# Parallel memory-efficient all-at-once algorithms for the sparse matrix triple products in multigrid methods

###### Abstract

Multilevel/multigrid methods is one of the most popular approaches for solving a large sparse linear system of equations, typically, arising from the discretization of partial differential equations. One critical step in the multilevel/multigrid methods is to form coarse matrices through a sequence of sparse matrix triple products. A commonly used approach for the triple products explicitly involves two steps, and during each step a sparse matrix-matrix multiplication is employed. This approach works well for many applications with a good computational efficiency, but it has a high memory overhead since some auxiliary matrices need to be temporarily stored for accomplishing the calculations. In this work, we propose two new algorithms that construct a coarse matrix with taking one pass through the input matrices without involving any auxiliary matrices for saving memory. The new approaches are referred to as “all-at-once” and “merged all-at-once” (a modified version of “all-at-once”) since the new algorithms calculate the two sparse matrix-matrix multiplications simultaneously, and the traditional method is denoted as “two-step”. The all-at-once and the merged all-at-once algorithms are implemented based on hash tables in PETSc as part of this work with a careful consideration on the performance in terms of the compute time and the memory usage. In the new methods, the first sparse matrix-matrix multiplication is implemented using a row-wise algorithm, and the second one is based on an outer product. We numerically show that the proposed algorithms and their implementations are perfectly scalable in both the compute time and the memory usage with up to 32,768 processor cores for a model problem with 27 billions of unknowns. The scalability is also demonstrated for a realistic neutron transport problem with over 2 billion unknowns on a supercomputer with 10,000 processor cores. Compared with the traditional two-step method, the all-at-once and the merged all-at-once algorithms consume much less memory for both the model problem and the realistic neutron transport problem meanwhile they are able to maintain the computational efficiency.

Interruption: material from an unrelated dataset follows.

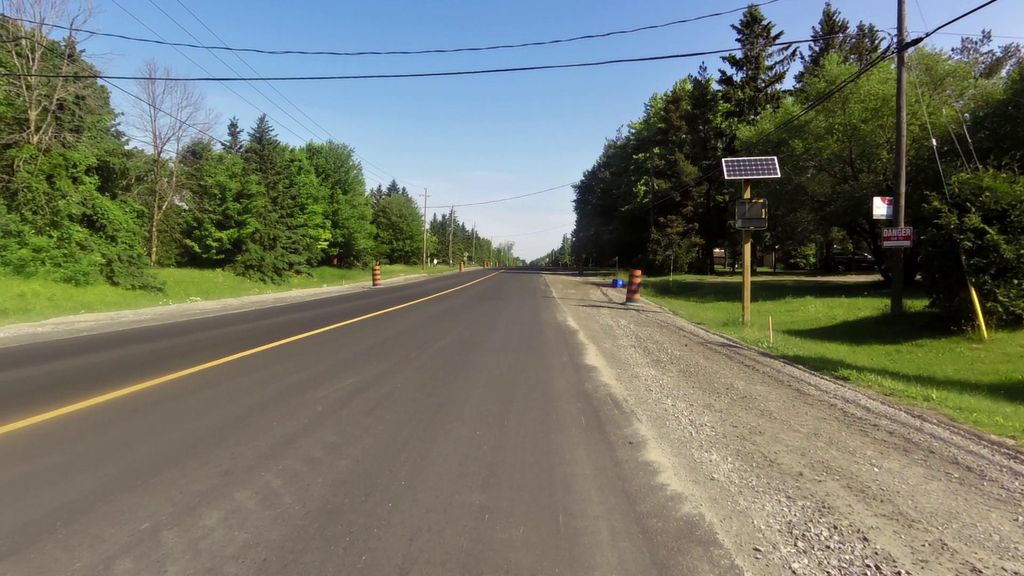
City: ottawa-gatineau

Parallel memory-efficient all-at-once algorithms for the sparse matrix triple products in multigrid methods

Fande Kong{}^{\text{{1}}}

Keywords

Sparse matrix triple product, sparse matrix-matrix multiplication, parallel processing, multilevel/multigrid methods, neutron transport equations

^{0}

^{0}footnotetext: {}^{\text{{1}}} Computational Framework, Idaho National Laboratory

^{0}

^{0}footnotetext: Corresponding author:

Fande Kong, 2525 Fremont Ave, Idaho Falls, ID 83402

^{0}

^{0}footnotetext: Email: fande.kong@inl.gov

## Introduction

Multigrid/multilevel methods including geometric multigrid (GMG) and algebraic multigrid (AMG) is one of the most popular approaches for solving a large sparse linear system of equations, Ax=b, arising from the discretization of partial different equations (smith2004domain; stuben2000algebraic). The methods involves generating a sequence of linear systems of decreasing size during the setup phase, and iteratively improving the solution to the original system using the sequence of coarse systems in the solve phase. One critical component of the multigrid/multilevel methods is to form a coarse operator C through a sparse matrix triple product of restriction P^{T}, fine operator A, and interpolation P. Here P^{T} is the transpose of P when using the Galerkin method, and P can be generated either geometrically (kong2016highly; kong2017scalable; kong2018scalability; kong2018simulation) or algebraically (kong2018fully; kong2019highly). It is challenging to design an efficient parallel algorithm and develop its corresponding software for the sparse matrix triple product since we have to consider both the memory efficiency and the compute time efficiency. Beside the multigrid/multilevel methods, the sparse matrix triple product is also used in other areas such as the Schur complement algorithms so that developing an efficient triple product algorithm becomes an active research topic.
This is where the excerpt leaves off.